Some programmers have no problem with their code being strewn all over the place. They're able to keep it in their heads, write their code in a specific way, organize their files in a way that adds some order to the chaos. This kind of a architecture is sometimes called "Event Driven".

The requirement to write classes for these various widgets or the application and placing callbacks inside them is one of the reasons beginners struggle to get over that GUI bar. Writing Python classes is not generally covered until the end of a course. It's not beginner stuff.

Widgets Manipulating Widgets

If classes and callbacks don't explode your head, let's toss in one more challenge. What if your button wants to do something to your slider? Maybe your button disables your slider. Now your button class needs to know something about your slider class.


The PySimpleGUI Message Passing Architecture (Pull Model)

Before going through the PySimpleGUI architecture, let's look at one of Python's Standard Library constructs, the Queue. With a Python Queue, some message "arrives" and when it does, it's added to the end of the queue.

In the User's Code, the queue is "read", by calling the queue's get() method. The code would look something like this.

from queue import Queue

q = Queue()
item = q.get()

Don't worry about there being nothing added to the queue. The point is that the user asks for an item from the queue. The user calls get() and if there's an item in the queue, the item is returned.

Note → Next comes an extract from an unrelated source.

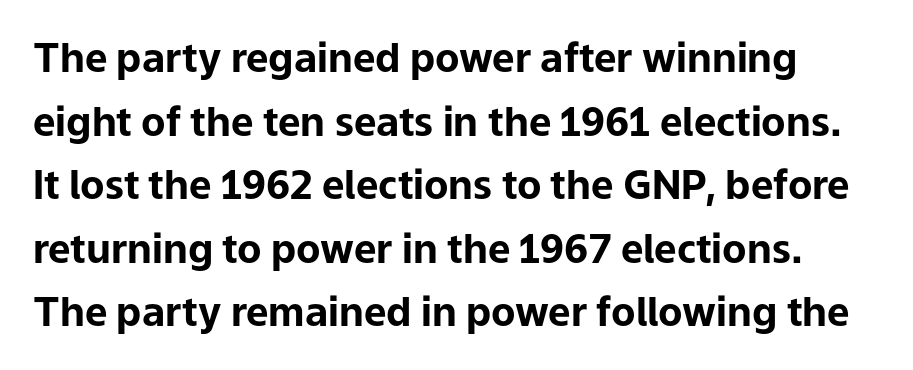
The image shows 40 px bold sans-serif type, upright; set normal line spacing (1.59x), normal letter spacing, not underlined; low stroke contrast and a medium x-height.
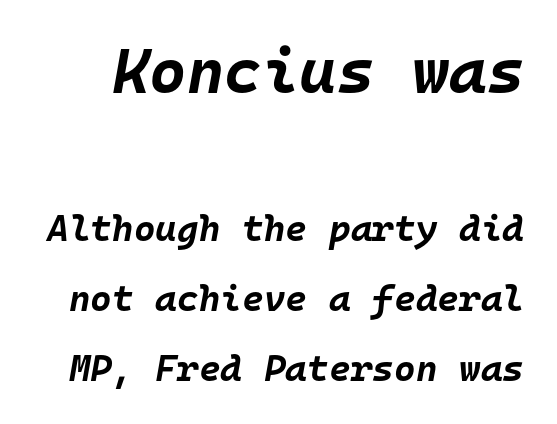
The image shows 64 px bold type, italic (leaning right), monospaced; set loose line spacing (1.9x), normal letter spacing, not underlined; the first (top) block is 1.73x larger; low stroke contrast and a large x-height.
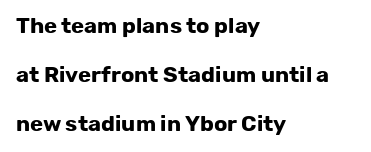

You can think of the PySimpleGUI interface in exactly the same way. Your user code asks for an event. You are "pulling" items to processing out of the PySimpleGUI library. Contrast this to the "Callback" architecture where your code is directly called when an event happens.


In Computer Science, this type of interface is sometimes call "Message Passing". Instead of your code being directly invoked (called) you get a message passed to you by asking for one.

Asking For Events

Recall in the previous section that the code to get an event in PySimpleGUI is:

event, values = window.read()

Your call to window.read() is asking PySimpleGUI for the next event for you to process.

Event Loops

If you are going to keep reading events until the window is closed, then you put your window.read() call into a while loop:

while True:
    event, values = window.read()

This loop in PySimpleGUI is called the "Event Loop". The benefit to structuring code like this is that your processing of the events can be done linearly. Instead of small functions being scatters throughout your project, you've got your code that handles the events all in 1 place, and in a nice straight linear piece of code. For most people, this linear format is an easier way to visualize the problem than the distributed callback model.